Get ready for a new round in the race debate. A grass-roots movement wants more states to outlaw racial preferences in public education and hiring. But state universities that seek more minorities are fighting back, hoping to "deflect ... defeat ... and debunk" this drive for race neutrality.
A strategy paper issued in March by the College Board and more than 30 educational institutions calls for targeting "those who attempt to step into the fray and deprive higher education leaders of the tools ... to achieve the benefits of diversity."
The "fray" is the use of voter initiatives to end racial, gender, and ethnic considerations in public employment and schools. Since 1997, four states – California, Florida, Washington, and Michigan – have forbidden such preferences in universities. The leader of this drive, black businessman Ward Connerly of California, plans ballot propositions in at least five well-chosen states in 2008 (Arizona, Colorado, Missouri, Oklahoma, and South Dakota).
The political wind is at his back after a 58 percent win for Michigan's 2007 initiative, which especially riled the University of Michigan. In 2003, it won a high court nod for its use of race as one of many factors in law-school admissions (although the court banned a numerical advantage for underrepresented minorities in undergrad enrollment).
Mr. Connerly contends that affirmative action has run its course, violates US civic principles, and hurts minorities elevated beyond their merit. On that last point, at least one study, focusing on law graduates, backs him up. And former Justice Sandra Day O'Connor, writing for the court in the 2003 decision, stated, "Twenty-five years from now, the use of racial preferences will no longer be necessary."
No wonder public universities are seeking political allies. And admission officials are enlisting lawyers to avoid lawsuits as they devise race-blind ways to enroll more blacks and Hispanics who don't meet minimum grades or test scores. The military academies, too, reportedly face a Pentagon directive to end favoring minority and female applicants for their affiliated "preparatory schools." And in coming weeks, two more decisions on racial preferences are expected from a more conservative Supreme Court.

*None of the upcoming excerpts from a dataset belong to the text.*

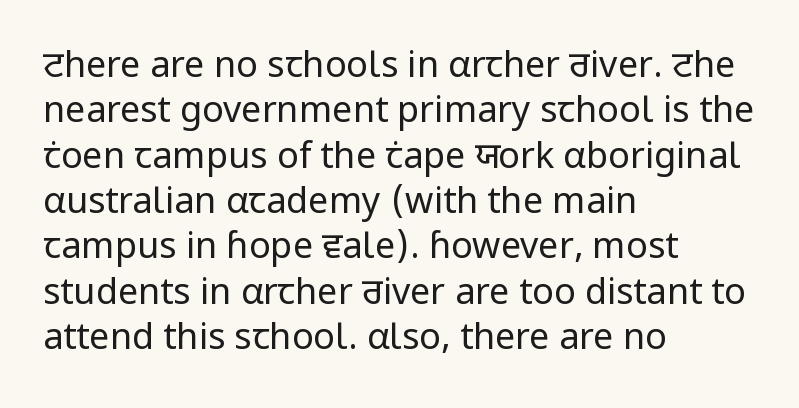
Q: Is the text bold? A: No.
Q: Is the text italic (slanted)? A: No, it is upright.
Q: Is the typeface a serif or a sans-serif typeface? A: Sans-serif.
Q: Is the text underlined? A: No.
Q: How is the paragraph aligned? A: Left-aligned.
Q: Is the spacing between letters normal or unusually wide? A: Normal.
Q: Is the spacing between lines tight, normal or loose? A: Normal.
Q: Width (condensed, normal, or wide)? A: Normal.
Q: Stroke contrast? A: Low.
Q: x-height? A: Medium.
Q: Monospaced? A: No.

Universities say that campuses need more than the best-educated students. (They no longer argue for curing discrimination.) A "critical mass" of minorities enhances education and prepares graduates for the workplace and society.
But it's difficult to achieve that mass while not subtly setting targets. Can there be racial goals without some racial discretion? Schools are trying many proxy ways to do it. Some give top graduates of all state high schools a ticket to admission. Or applicants are chosen by low income, neighborhood, or experiences of discrimination.
Schools want those white applicants who lose slots to minorities to see the greater social value in campus diversity. But they're up against divided courts and, lately, state-by-state voter initiatives against racial preferences.
The ultimate solution lies in giving minorities a better K-12 education. State universities that work with urban schools for better academic preparation may end up someday not needing to seek diversity by skin color.